Zero Gravity Robotic Mobility Experiments with Electrostatic and Gecko-Like Adhesives Aboard NASA's Zero Gravity Airplane

摘要

This paper presents the results of zero gravity adhesion and mobility experiments from two campaigns of flights aboard NASA's C9B zero-gravity airplane, totalling more than 300 parabolas. Two primary adhesion technologies were tested independently and as a hybrid system: gecko-like adhesives and electrostatic adhesives. Gecko-like adhesives use van der Waals forces generated by microscopic fibers or hairs to stick to surfaces; electrostatic adhesives create an electric field that both polarizes non-conductive surfaces to create adhesion and creates a capacitive clamping force on conductive surfaces where electrons are free to move.
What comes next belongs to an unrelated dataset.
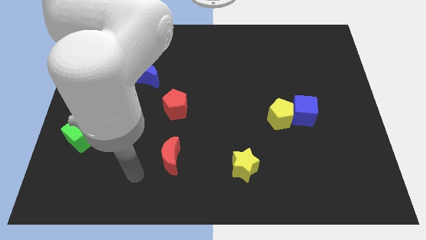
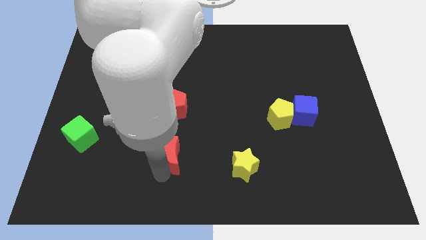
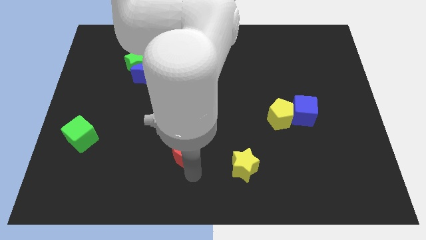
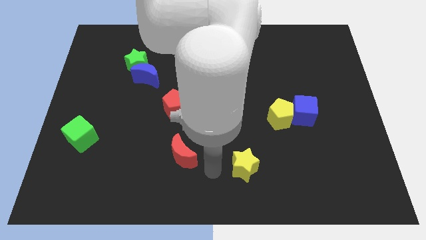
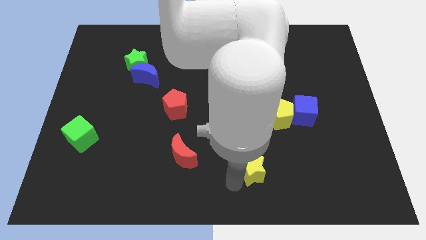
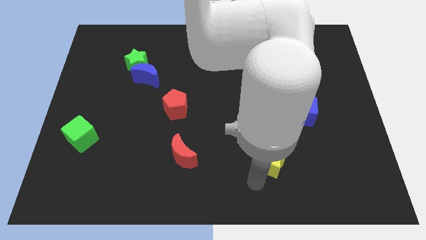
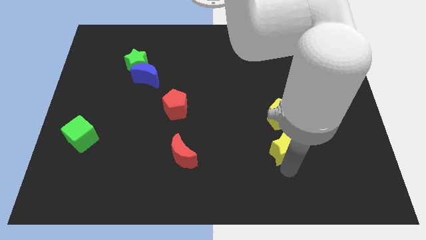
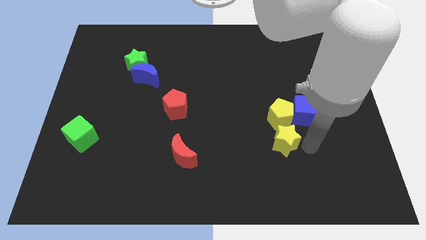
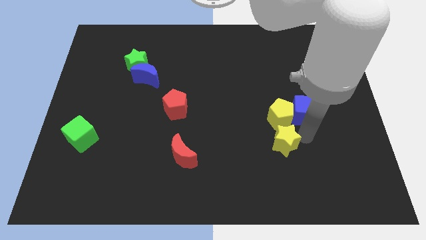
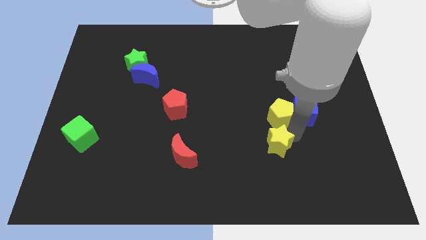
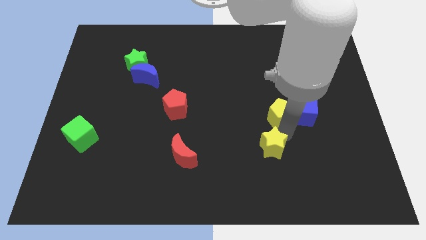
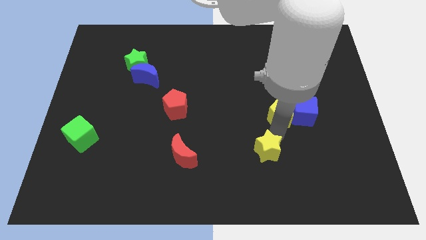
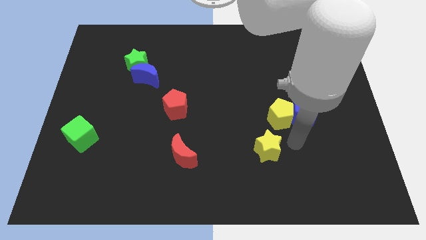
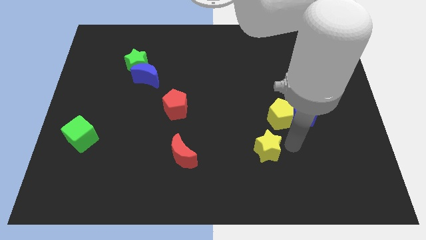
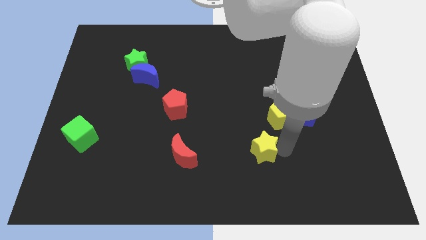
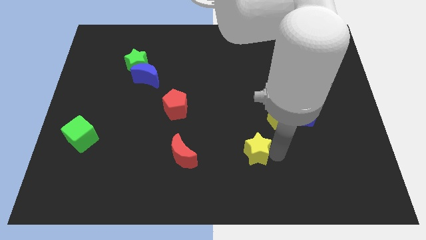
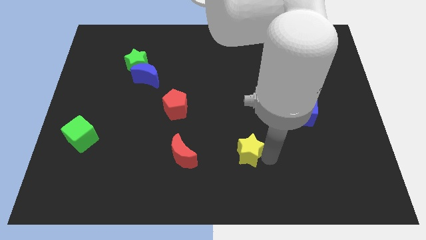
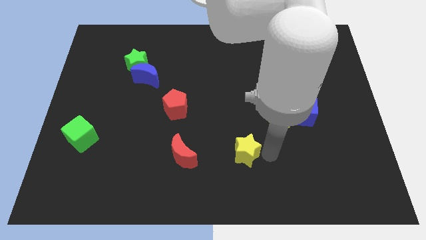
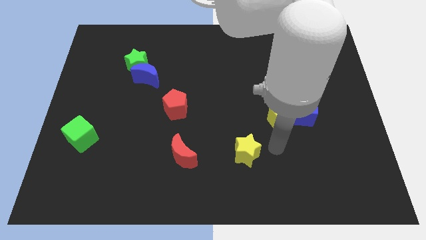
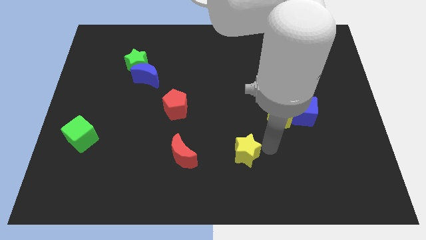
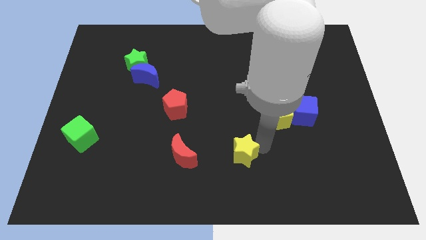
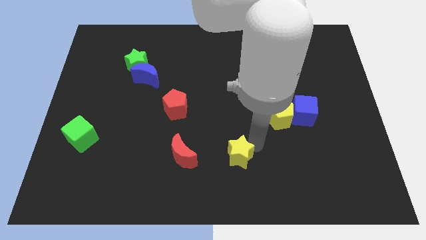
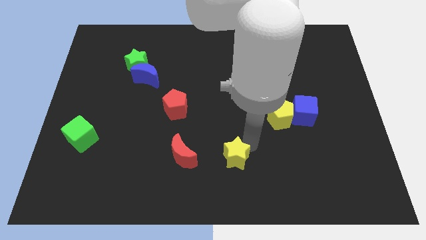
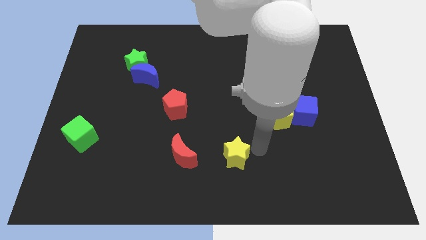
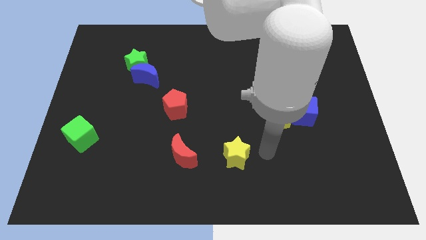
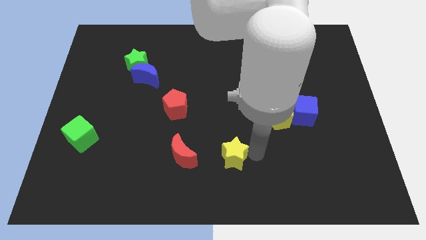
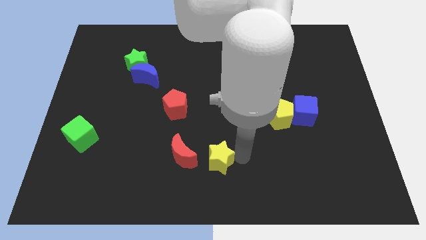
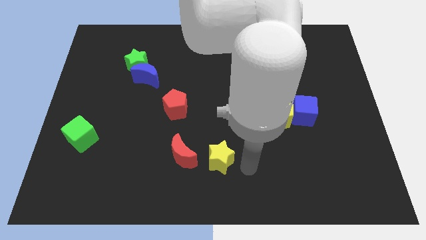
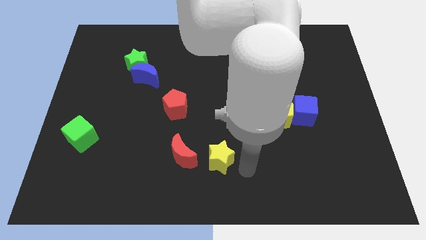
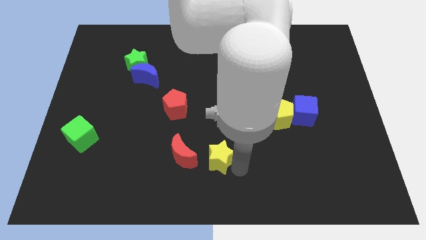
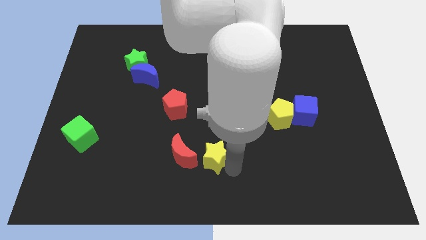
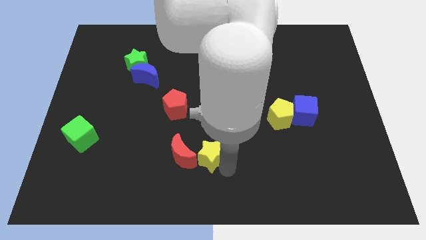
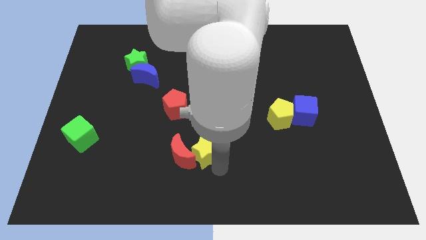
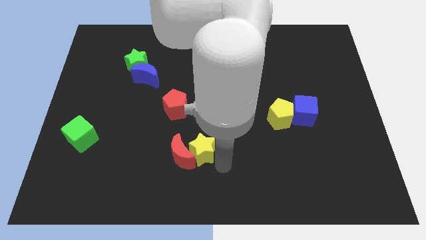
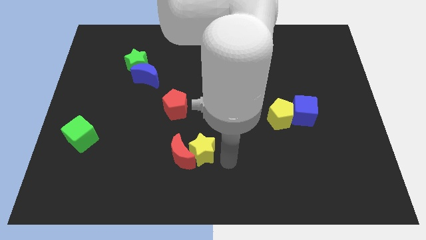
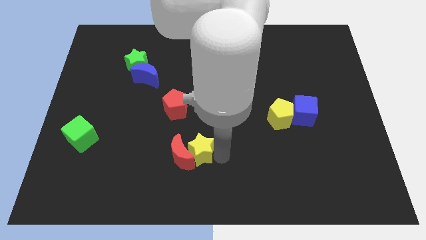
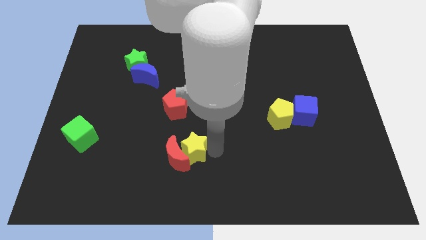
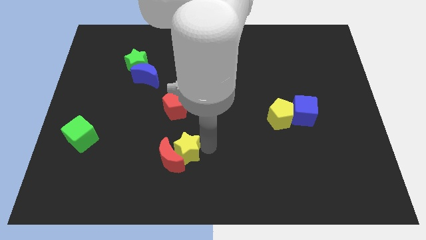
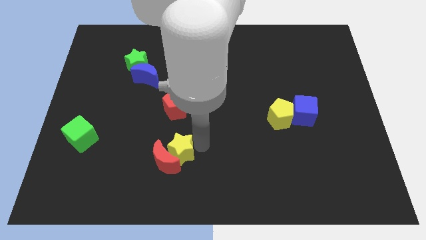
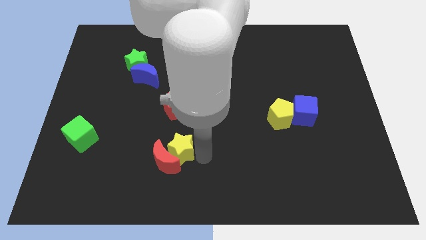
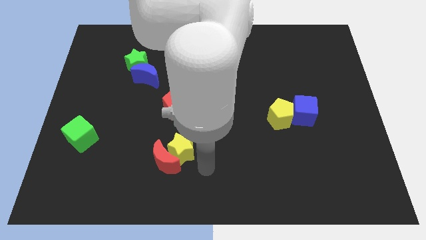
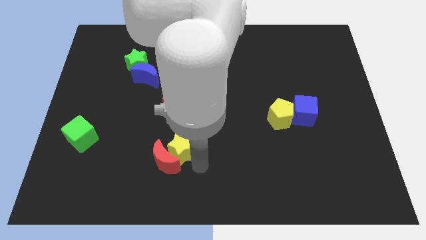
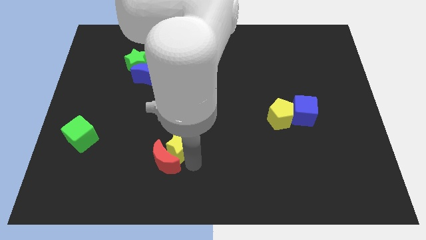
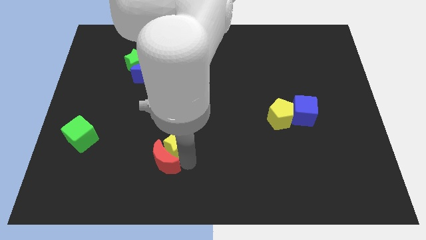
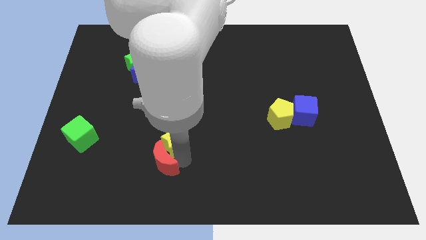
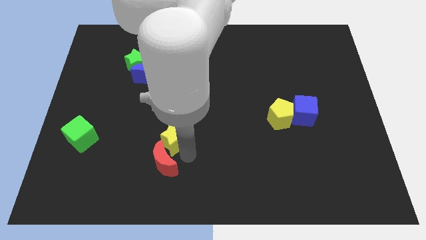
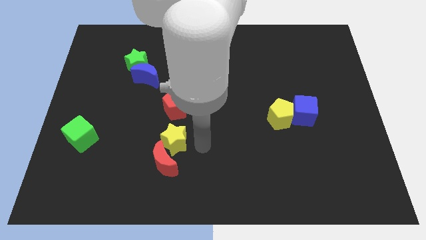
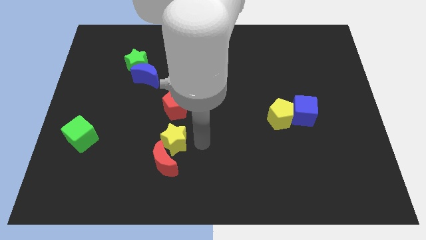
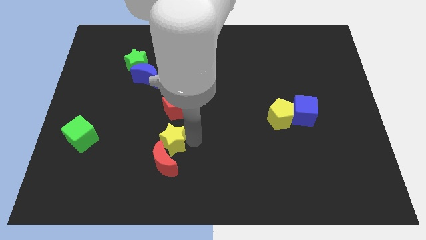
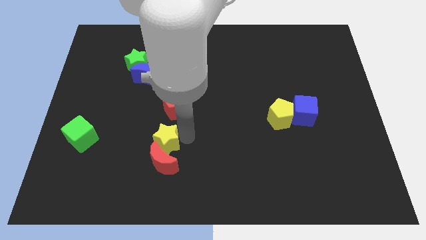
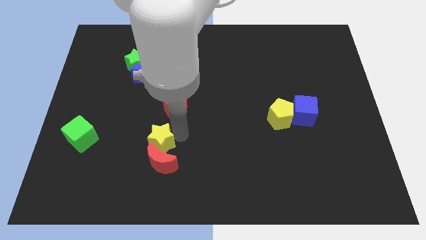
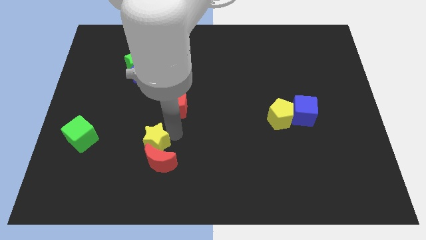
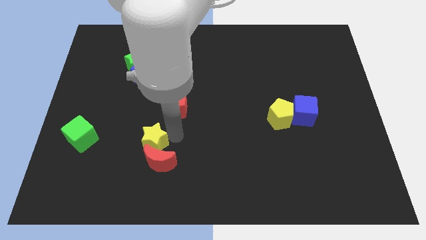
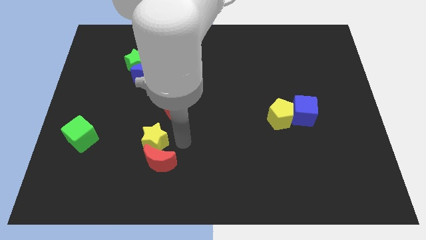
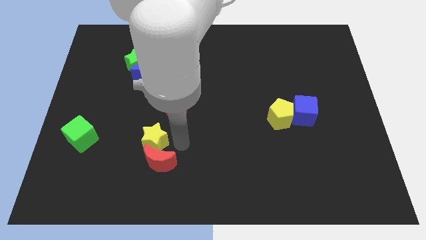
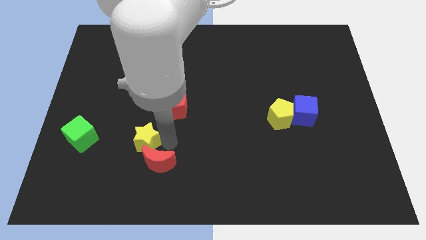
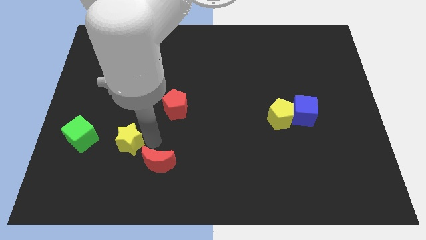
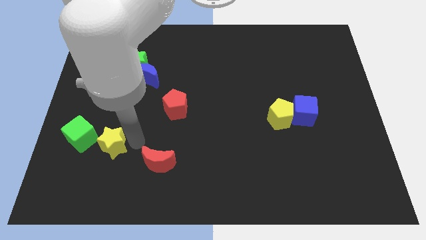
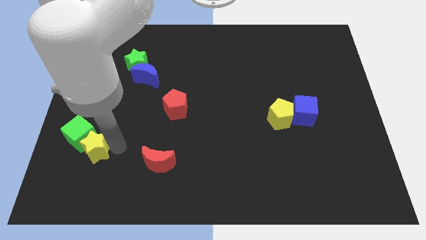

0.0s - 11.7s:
slide the yellow star next to the green cube

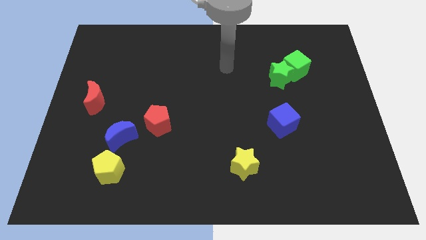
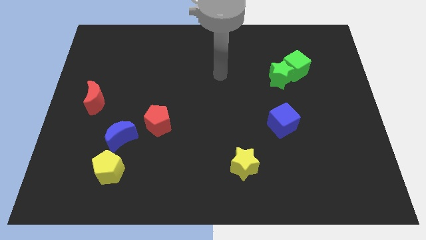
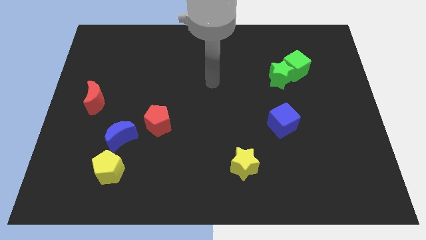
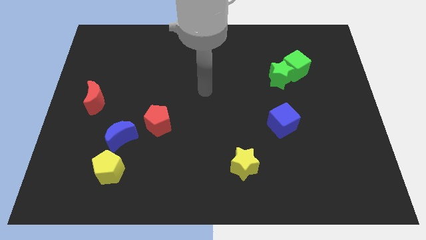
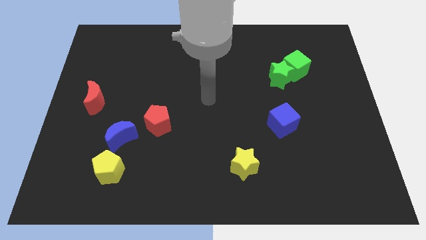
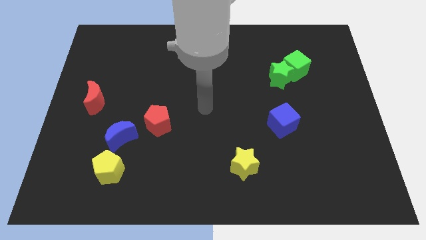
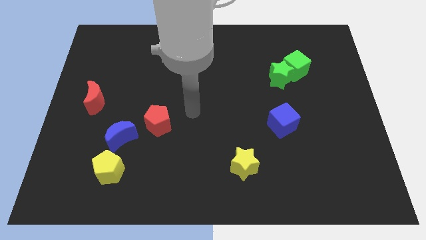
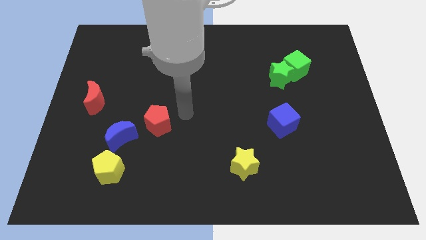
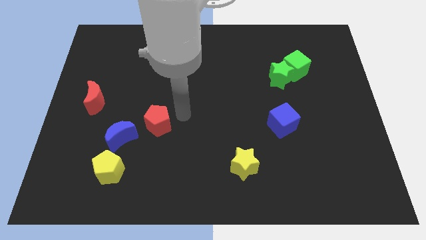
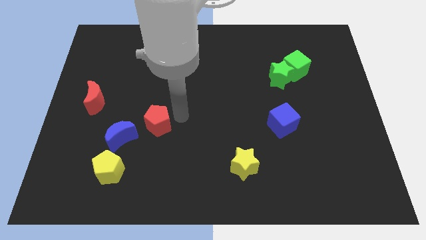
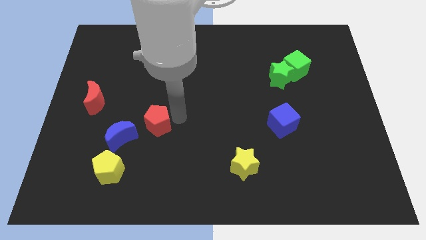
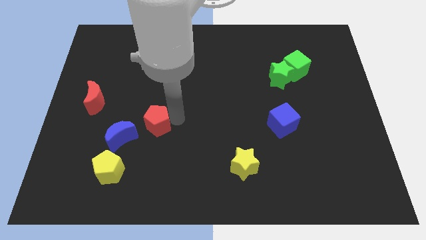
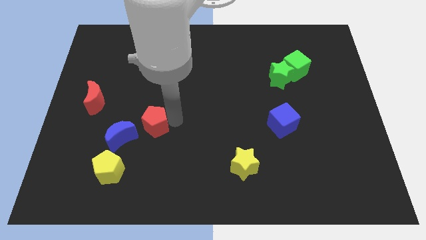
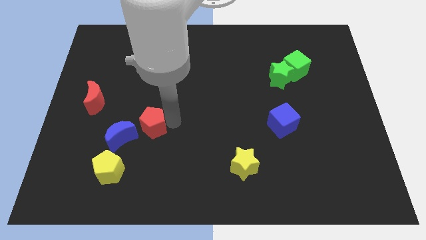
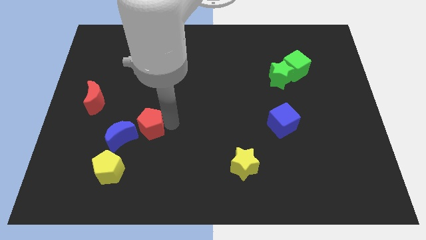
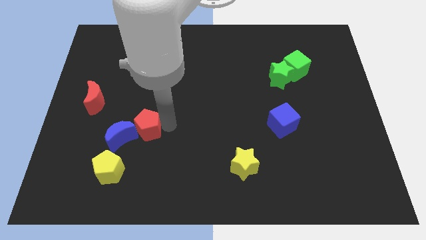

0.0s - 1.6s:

In zero gravity, grappling experiments were performed using a robotic gripper and a 10 kg target piece of debris to verify the performance of the adhesive materials. Based on these initial results, mobility experiments were devised for the second campaign of flights the following year. Experimental results from two mobile robots are presented. The first robot uses an inchworm style gait with two pairs of opposed gecko adhesive pads. The second robot uses adhesive wheels that contain flaps of the hybridized electro-gecko material. This robot can make transitions between perpendicular planes, and adheres to a much broader range of surface materials. Each robot weighs less than 200 grams and serves as a representative platform that was more easily deployed during the zero-gravity experiments. The technology can scale to much larger systems of 10s or even 100s of kg. Robots that can inch, roll, or crawl across surfaces in zero gravity could be used for inspection, repair, assembly, and photo/video documentation on satellites, space stations, and future long duration human spacecraft.